Action item:
Transcribe all of the data verbatim, please, and leave out its pictures.

##########

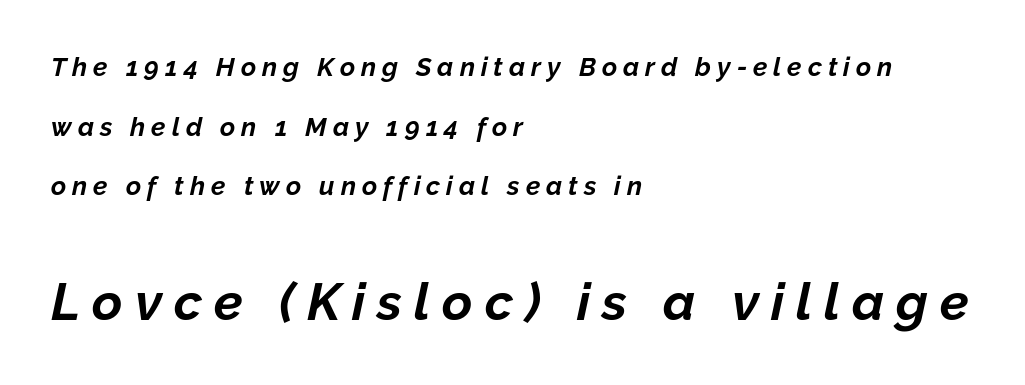
Reading top to bottom, the characters get bigger at the block break. Would a proofreader flag this as italicized? Yes. The sample has been set heavy, in full bold. Spacing verdict: proportional, widths tailored to each character. If you drew a ruler down the left edge, every line would touch it. What stands out about the letter spacing? Its width — letters are far apart.
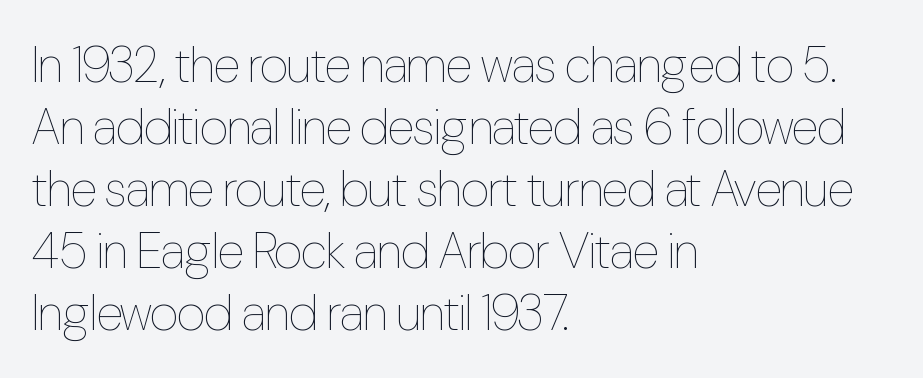
Q: Is the text bold? A: No.
Q: Is the text italic (slanted)? A: No, it is upright.
Q: Is the text underlined? A: No.
Q: How is the paragraph aligned? A: Left-aligned.
Q: Is the spacing between letters normal or unusually wide? A: Normal.
Q: Width (condensed, normal, or wide)? A: Condensed.
Q: Stroke contrast? A: Low.
Q: x-height? A: Medium.
Q: Monospaced? A: No.
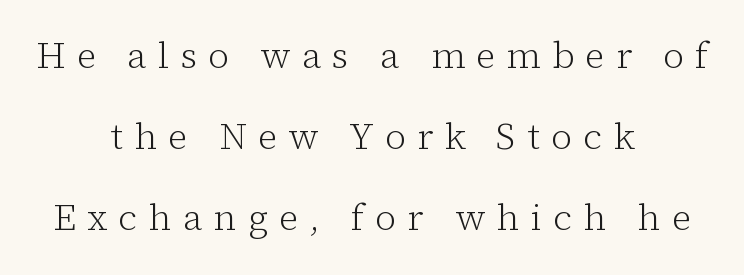
The image shows 37 px light serif type, upright; set centered, loose line spacing (2.19x), unusually wide letter spacing (+0.3 em), not underlined; low stroke contrast and a medium x-height.
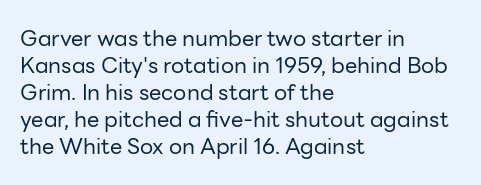
Beneath every word, the page is bare. The lettering holds an erect, upright posture throughout. Caption: face not bold, strokes unweighted. The gaps between neighbouring characters are ordinary and unremarkable.
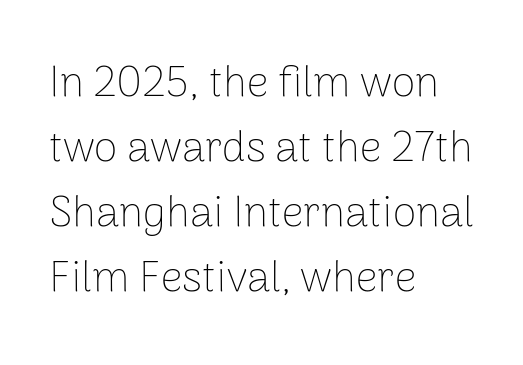
{"serif": "no", "italic": "no", "bold": "no", "weight": "thin", "width": "normal", "stroke_contrast": "low", "x_height": "medium", "monospaced": "no", "underline": "no", "align": "left", "line_spacing": "normal", "line_spacing_ratio": 1.51, "letter_spacing": "normal", "letter_spacing_em": 0.0, "glyph_px": 43}
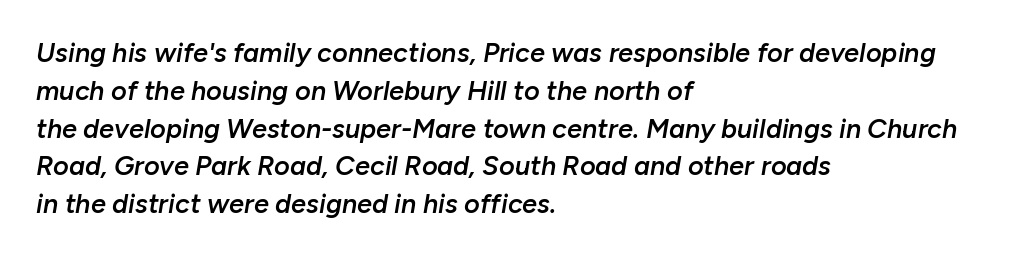
The image shows 27 px text type, italic (leaning right); set left-aligned, normal line spacing (1.4x), normal letter spacing, not underlined.
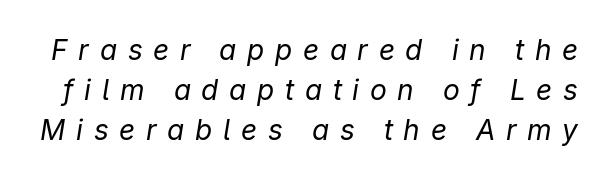
The image shows 28 px regular-weight type, italic (leaning right); set normal line spacing (1.43x), unusually wide letter spacing (+0.38 em), not underlined; low stroke contrast and a medium x-height.
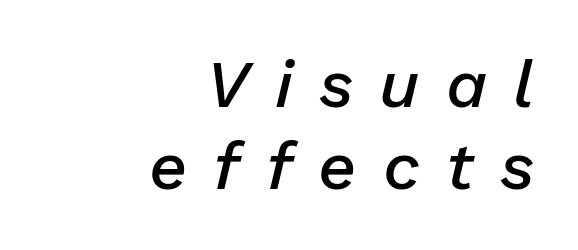
Q: Is the text bold? A: Semi-bold.
Q: Is the text italic (slanted)? A: Yes, it leans right by about 13 degrees.
Q: Is the text underlined? A: No.
Q: How is the paragraph aligned? A: Right-aligned.
Q: Is the spacing between letters normal or unusually wide? A: Unusually wide.
Q: Width (condensed, normal, or wide)? A: Normal.
Q: Stroke contrast? A: Low.
Q: x-height? A: Medium.
Q: Monospaced? A: No.
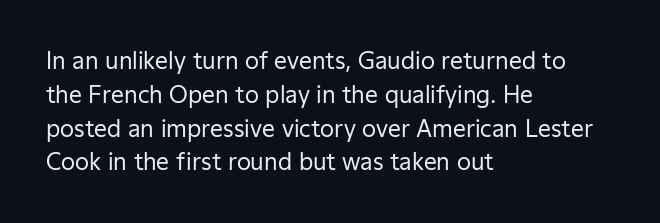
The image shows 23 px text type, upright; set left-aligned, normal line spacing (1.47x), normal letter spacing, not underlined.
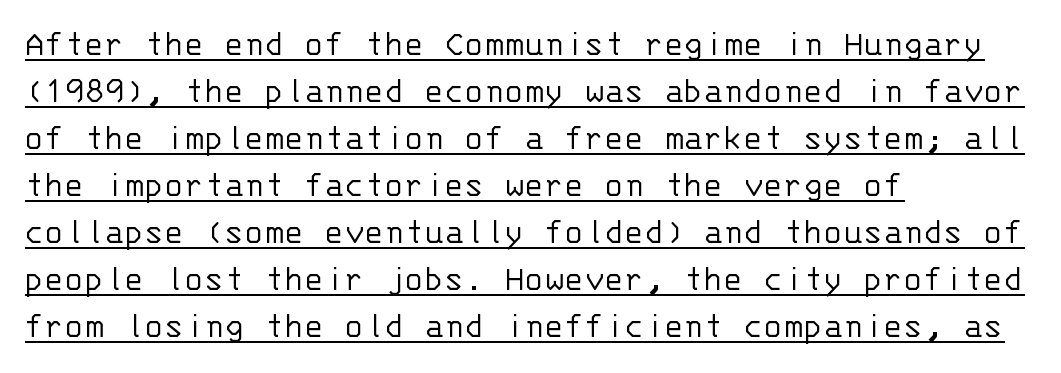
Q: Is the text bold? A: No.
Q: Is the text italic (slanted)? A: No, it is upright.
Q: Is the typeface a serif or a sans-serif typeface? A: Sans-serif.
Q: Is the text underlined? A: Yes.
Q: How is the paragraph aligned? A: Left-aligned.
Q: Is the spacing between letters normal or unusually wide? A: Normal.
Q: Is the spacing between lines tight, normal or loose? A: Normal.
Q: Width (condensed, normal, or wide)? A: Normal.
Q: Stroke contrast? A: Low.
Q: x-height? A: Large.
Q: Monospaced? A: Yes.
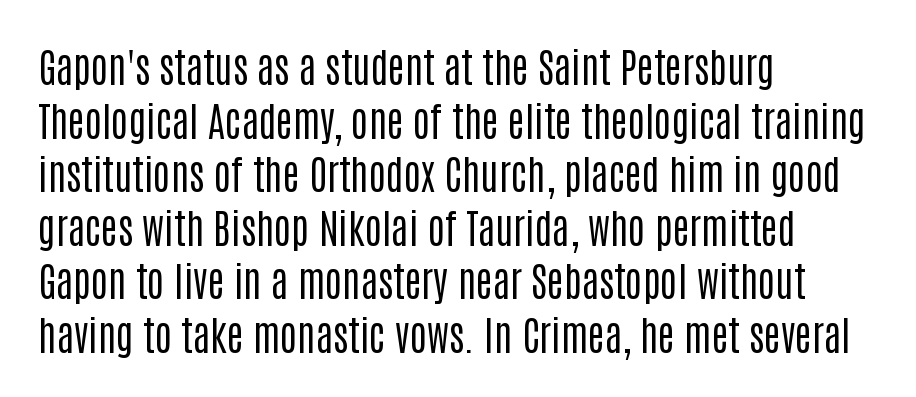
The image shows 40 px regular-weight, condensed sans-serif type, upright; set left-aligned, normal line spacing (1.34x), normal letter spacing, not underlined; low stroke contrast and a large x-height.
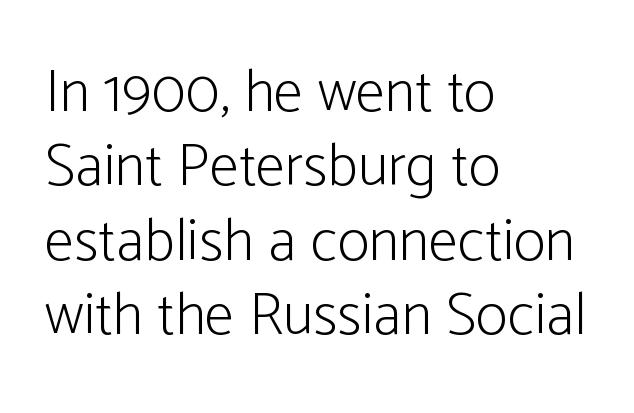
Is this a heavy cut? Hardly; it is regular or lighter. The paragraph has a hard left edge and a soft right edge. The rendering shows plain stroke endings on the letterforms — a sans-serif design. The space beneath each line is pristine and unruled. Caption: standard tracking, unaltered.
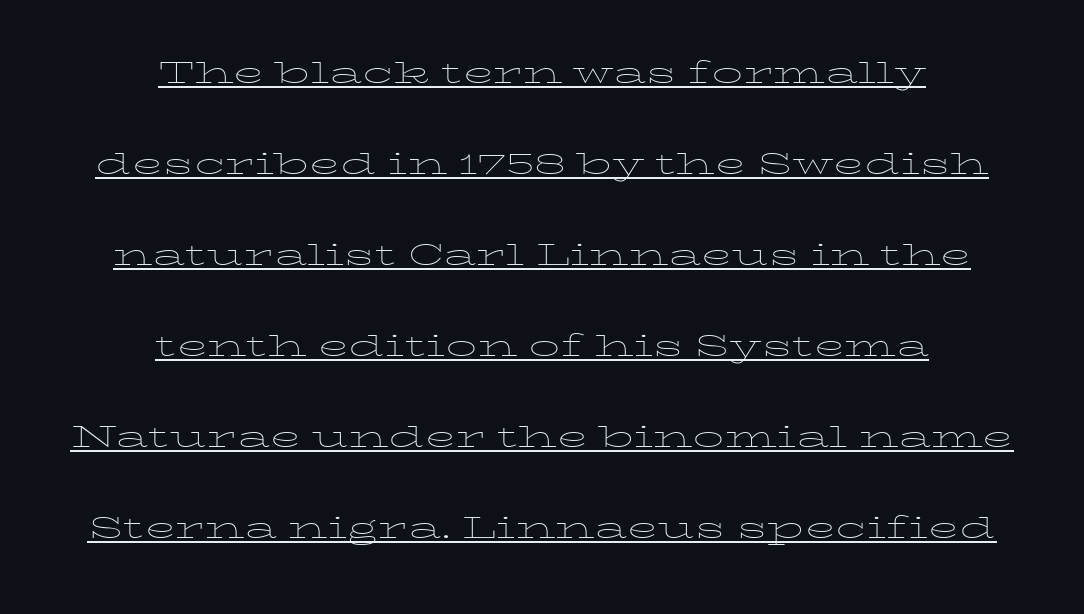
The image shows 41 px thin, wide type, upright; set centered, loose line spacing (2.22x), normal letter spacing, underlined; low stroke contrast and a medium x-height.
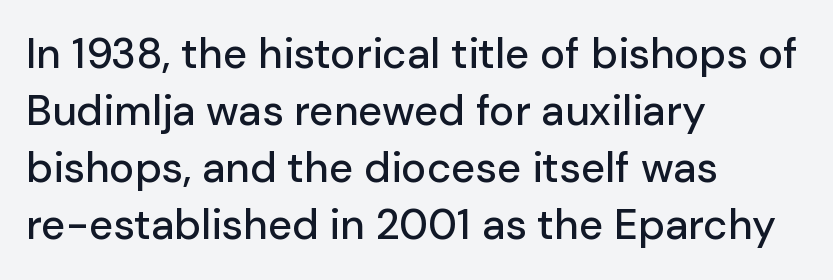
{"serif": "no", "italic": "no", "width": "normal", "stroke_contrast": "low", "x_height": "medium", "monospaced": "no", "underline": "no", "align": "left", "line_spacing": "normal", "line_spacing_ratio": 1.36, "letter_spacing": "normal", "letter_spacing_em": 0.0, "glyph_px": 42}
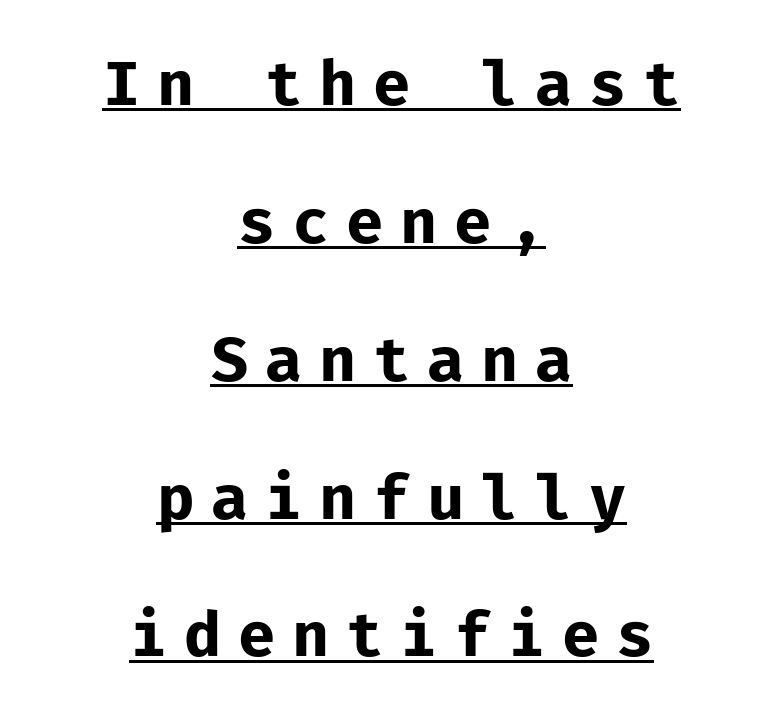
The image shows 61 px bold sans-serif type, upright; set centered, loose line spacing (2.26x), unusually wide letter spacing (+0.27 em), underlined; low stroke contrast and a medium x-height.
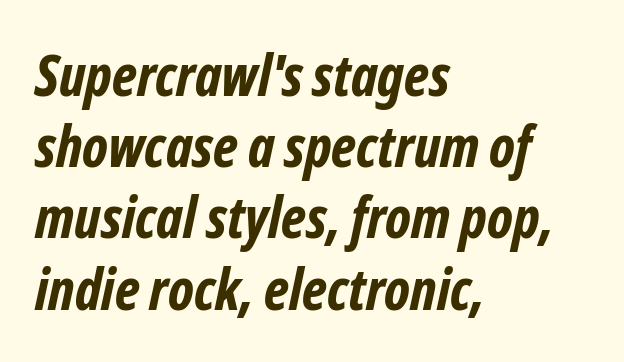
{"serif": "no", "bold": "yes", "weight": "bold", "width": "condensed", "stroke_contrast": "low", "x_height": "medium", "monospaced": "no", "underline": "no", "align": "left", "line_spacing": "normal", "line_spacing_ratio": 1.25, "letter_spacing": "normal", "letter_spacing_em": 0.0, "glyph_px": 57}
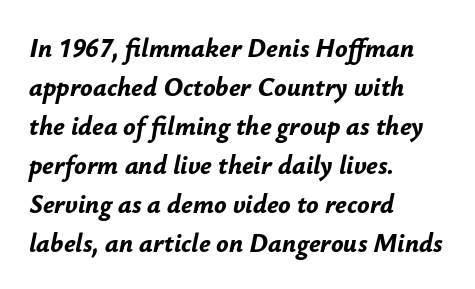
Q: Is the text bold? A: Yes.
Q: Is the text italic (slanted)? A: Yes, it leans right by about 12 degrees.
Q: Is the text underlined? A: No.
Q: How is the paragraph aligned? A: Left-aligned.
Q: Is the spacing between letters normal or unusually wide? A: Normal.
Q: Is the spacing between lines tight, normal or loose? A: Normal.
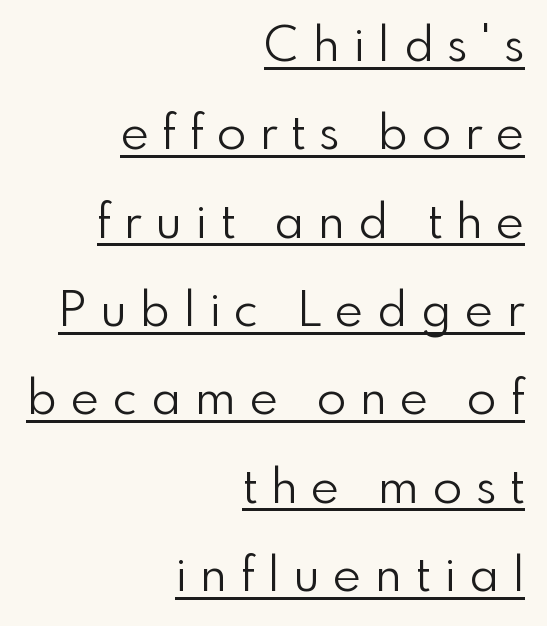
Q: Is the text bold? A: No.
Q: Is the text italic (slanted)? A: No, it is upright.
Q: Is the typeface a serif or a sans-serif typeface? A: Sans-serif.
Q: Is the text underlined? A: Yes.
Q: How is the paragraph aligned? A: Right-aligned.
Q: Is the spacing between letters normal or unusually wide? A: Unusually wide.
Q: Width (condensed, normal, or wide)? A: Normal.
Q: Stroke contrast? A: Low.
Q: x-height? A: Small.
Q: Monospaced? A: No.
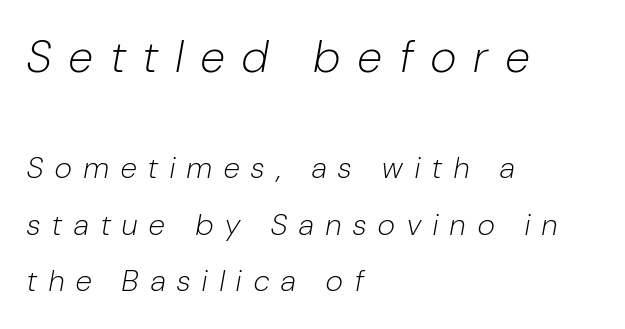
Underline: absent. Do the characters align in a grid? No, the font is proportional. Horizontal alignment here is leftward, the default for most running prose. Stroke thickness stays within the range of a standard reading face or lighter.
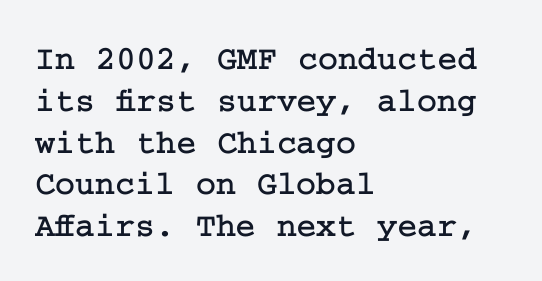
{"serif": "yes", "italic": "no", "width": "normal", "stroke_contrast": "low", "x_height": "medium", "underline": "no", "align": "left", "line_spacing_ratio": 1.23, "letter_spacing": "normal", "letter_spacing_em": 0.0, "glyph_px": 34}
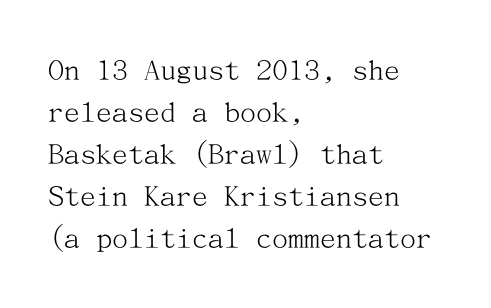
The image shows 32 px light serif type, upright; set left-aligned, normal line spacing (1.31x), normal letter spacing, not underlined; medium stroke contrast and a medium x-height.
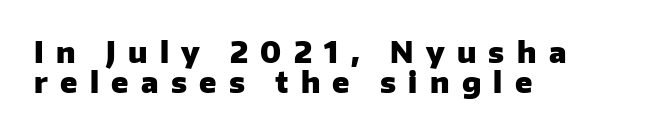
You could barely slide anything between these rows. The characters look thick and weighty, a clear bold. What kind of face is this? One without serifs — a sans. The rendering inserts visible extra space after every character.
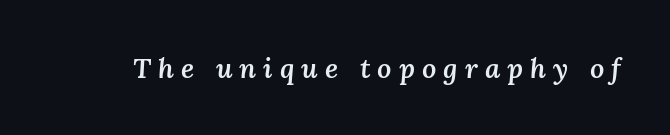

##########

Result of this exercise:
Reading top to bottom, the characters get bigger at the block break. Would a proofreader flag this as italicized? Yes. The sample has been set heavy, in full bold. Spacing verdict: proportional, widths tailored to each character. If you drew a ruler down the left edge, every line would touch it. What stands out about the letter spacing? Its width — letters are far apart.
Q: Is the text bold? A: No.
Q: Is the text italic (slanted)? A: No, it is upright.
Q: Is the text underlined? A: No.
Q: How is the paragraph aligned? A: Left-aligned.
Q: Is the spacing between letters normal or unusually wide? A: Normal.
Q: Width (condensed, normal, or wide)? A: Condensed.
Q: Stroke contrast? A: Low.
Q: x-height? A: Medium.
Q: Monospaced? A: No.
The image shows 37 px light serif type, upright; set centered, loose line spacing (2.19x), unusually wide letter spacing (+0.3 em), not underlined; low stroke contrast and a medium x-height.
Beneath every word, the page is bare. The lettering holds an erect, upright posture throughout. Caption: face not bold, strokes unweighted. The gaps between neighbouring characters are ordinary and unremarkable.
{"serif": "no", "italic": "no", "bold": "no", "weight": "thin", "width": "normal", "stroke_contrast": "low", "x_height": "medium", "monospaced": "no", "underline": "no", "align": "left", "line_spacing": "normal", "line_spacing_ratio": 1.51, "letter_spacing": "normal", "letter_spacing_em": 0.0, "glyph_px": 43}
The image shows 27 px text type, italic (leaning right); set left-aligned, normal line spacing (1.4x), normal letter spacing, not underlined.
The image shows 28 px regular-weight type, italic (leaning right); set normal line spacing (1.43x), unusually wide letter spacing (+0.38 em), not underlined; low stroke contrast and a medium x-height.
Q: Is the text bold? A: Semi-bold.
Q: Is the text italic (slanted)? A: Yes, it leans right by about 13 degrees.
Q: Is the text underlined? A: No.
Q: How is the paragraph aligned? A: Right-aligned.
Q: Is the spacing between letters normal or unusually wide? A: Unusually wide.
Q: Width (condensed, normal, or wide)? A: Normal.
Q: Stroke contrast? A: Low.
Q: x-height? A: Medium.
Q: Monospaced? A: No.
The image shows 23 px text type, upright; set left-aligned, normal line spacing (1.47x), normal letter spacing, not underlined.
Q: Is the text bold? A: No.
Q: Is the text italic (slanted)? A: No, it is upright.
Q: Is the typeface a serif or a sans-serif typeface? A: Sans-serif.
Q: Is the text underlined? A: Yes.
Q: How is the paragraph aligned? A: Left-aligned.
Q: Is the spacing between letters normal or unusually wide? A: Normal.
Q: Is the spacing between lines tight, normal or loose? A: Normal.
Q: Width (condensed, normal, or wide)? A: Normal.
Q: Stroke contrast? A: Low.
Q: x-height? A: Large.
Q: Monospaced? A: Yes.
The image shows 40 px regular-weight, condensed sans-serif type, upright; set left-aligned, normal line spacing (1.34x), normal letter spacing, not underlined; low stroke contrast and a large x-height.
Is this a heavy cut? Hardly; it is regular or lighter. The paragraph has a hard left edge and a soft right edge. The rendering shows plain stroke endings on the letterforms — a sans-serif design. The space beneath each line is pristine and unruled. Caption: standard tracking, unaltered.
The image shows 41 px thin, wide type, upright; set centered, loose line spacing (2.22x), normal letter spacing, underlined; low stroke contrast and a medium x-height.
{"serif": "no", "italic": "no", "width": "normal", "stroke_contrast": "low", "x_height": "medium", "monospaced": "no", "underline": "no", "align": "left", "line_spacing": "normal", "line_spacing_ratio": 1.36, "letter_spacing": "normal", "letter_spacing_em": 0.0, "glyph_px": 42}
The image shows 61 px bold sans-serif type, upright; set centered, loose line spacing (2.26x), unusually wide letter spacing (+0.27 em), underlined; low stroke contrast and a medium x-height.
{"serif": "no", "bold": "yes", "weight": "bold", "width": "condensed", "stroke_contrast": "low", "x_height": "medium", "monospaced": "no", "underline": "no", "align": "left", "line_spacing": "normal", "line_spacing_ratio": 1.25, "letter_spacing": "normal", "letter_spacing_em": 0.0, "glyph_px": 57}
Q: Is the text bold? A: Yes.
Q: Is the text italic (slanted)? A: Yes, it leans right by about 12 degrees.
Q: Is the text underlined? A: No.
Q: How is the paragraph aligned? A: Left-aligned.
Q: Is the spacing between letters normal or unusually wide? A: Normal.
Q: Is the spacing between lines tight, normal or loose? A: Normal.
Q: Is the text bold? A: No.
Q: Is the text italic (slanted)? A: No, it is upright.
Q: Is the typeface a serif or a sans-serif typeface? A: Sans-serif.
Q: Is the text underlined? A: Yes.
Q: How is the paragraph aligned? A: Right-aligned.
Q: Is the spacing between letters normal or unusually wide? A: Unusually wide.
Q: Width (condensed, normal, or wide)? A: Normal.
Q: Stroke contrast? A: Low.
Q: x-height? A: Small.
Q: Monospaced? A: No.
Underline: absent. Do the characters align in a grid? No, the font is proportional. Horizontal alignment here is leftward, the default for most running prose. Stroke thickness stays within the range of a standard reading face or lighter.
{"serif": "yes", "italic": "no", "width": "normal", "stroke_contrast": "low", "x_height": "medium", "underline": "no", "align": "left", "line_spacing_ratio": 1.23, "letter_spacing": "normal", "letter_spacing_em": 0.0, "glyph_px": 34}
The image shows 32 px light serif type, upright; set left-aligned, normal line spacing (1.31x), normal letter spacing, not underlined; medium stroke contrast and a medium x-height.
You could barely slide anything between these rows. The characters look thick and weighty, a clear bold. What kind of face is this? One without serifs — a sans. The rendering inserts visible extra space after every character.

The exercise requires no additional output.